Open karlhorky opened 9 months ago
Why not use a test library instead then?
I think all the things you could definitely get them to agree on they already agree on.
It's the plugins and extensions that they might disagree on.
And you can use something like vitest.
While it's cool to have the runtime also have a test runner, it's not exactly in the scope of a runtime, is it? 🤔 Should package management also be prescribed?

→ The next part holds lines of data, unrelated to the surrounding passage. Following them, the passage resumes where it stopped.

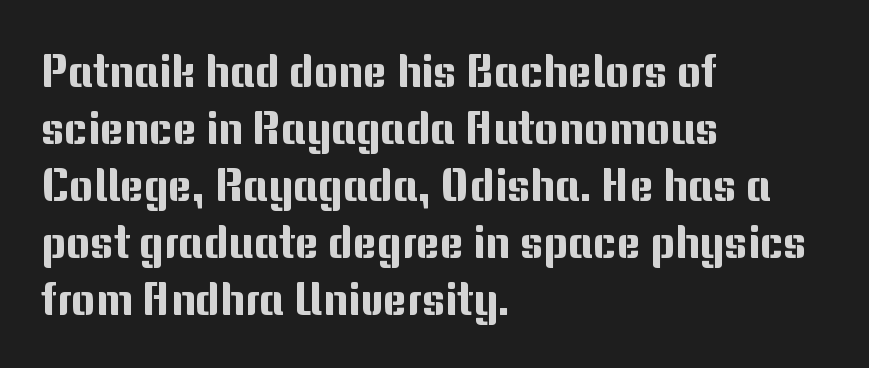
Q: Is the text italic (slanted)? A: No, it is upright.
Q: Is the typeface a serif or a sans-serif typeface? A: Sans-serif.
Q: Is the text underlined? A: No.
Q: How is the paragraph aligned? A: Left-aligned.
Q: Is the spacing between letters normal or unusually wide? A: Normal.
Q: Width (condensed, normal, or wide)? A: Normal.
Q: Stroke contrast? A: Medium.
Q: x-height? A: Medium.
Q: Monospaced? A: No.
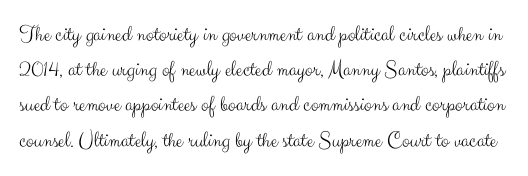
The font is comparable to plain body text, perhaps lighter. The designer left line spacing at the default. Letters rest on an invisible, unmarked baseline. In terms of letterspacing, this is plain default setting.
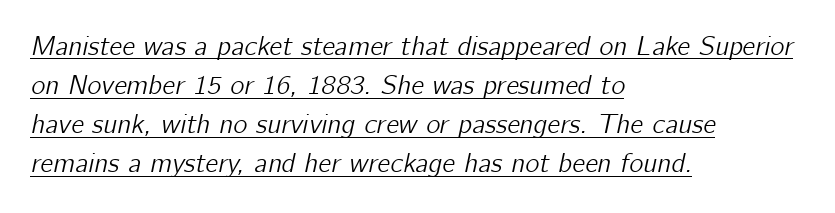
The image shows 27 px text type, italic (leaning right); set left-aligned, normal line spacing (1.45x), normal letter spacing, underlined.

If someone wanted to try something like this as a package, it is more than welcome to be part of unjs.io (cross linked to https://github.com/unjs/community/discussions/2) ❤️
Just reminded i got untest pkg with this idea 2 years ago and forgot to even push my progress since Vitest was born and it was amazing! I think main limitation is that we need to split the standard assertion library from runtime logic to make this happen.

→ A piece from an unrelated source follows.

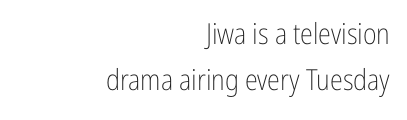
{"serif": "no", "italic": "no", "bold": "no", "weight": "light", "width": "condensed", "stroke_contrast": "low", "x_height": "medium", "monospaced": "no", "underline": "no", "align": "right", "line_spacing": "normal", "line_spacing_ratio": 1.6, "letter_spacing": "normal", "letter_spacing_em": 0.0, "glyph_px": 29}
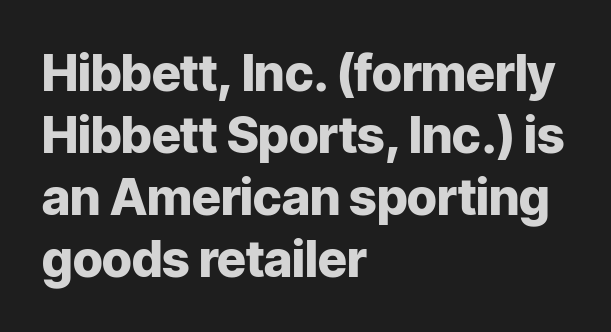
{"serif": "no", "italic": "no", "bold": "yes", "weight": "heavy", "width": "normal", "stroke_contrast": "low", "x_height": "medium", "monospaced": "no", "underline": "no", "align": "left", "line_spacing_ratio": 1.24, "letter_spacing": "normal", "letter_spacing_em": 0.0, "glyph_px": 50}

Since the ecosystem hasn’t ever come close to cohering on a standard pattern in libraries, i don’t think it makes sense to standardize one. Platforms choosing to offer a test framework despite this lack of coherence shouldn’t justify continued artificial forcing of patterns.
@ljharb Are you aware of any previous efforts that particular runtimes (Node, Bun and Deno) explicitly disagreed with a unified API for testing?
It is not an artificial need that today we cannot test a library against all WinterCG runtimes. (and it is growing, llrt made one for themselves, based on node-assert and jest-like runtime).
Also looking at the readme:
How are the APIs selected By looking at the APIs that are already implemented and supported in common across Node.js, Deno, and Cloudflare Workers. If there were at least two implementations among those -- either already supported or in progress -- then it was added to the list.
I think this at least met the 2/3 criteria of this repo (or i might be totally wrong)
@pi0 the issue isn’t disagreement, it’s artificially forcing into a standard something that never went through rigorous intentional design nor got extensive userland usage prior to implementation.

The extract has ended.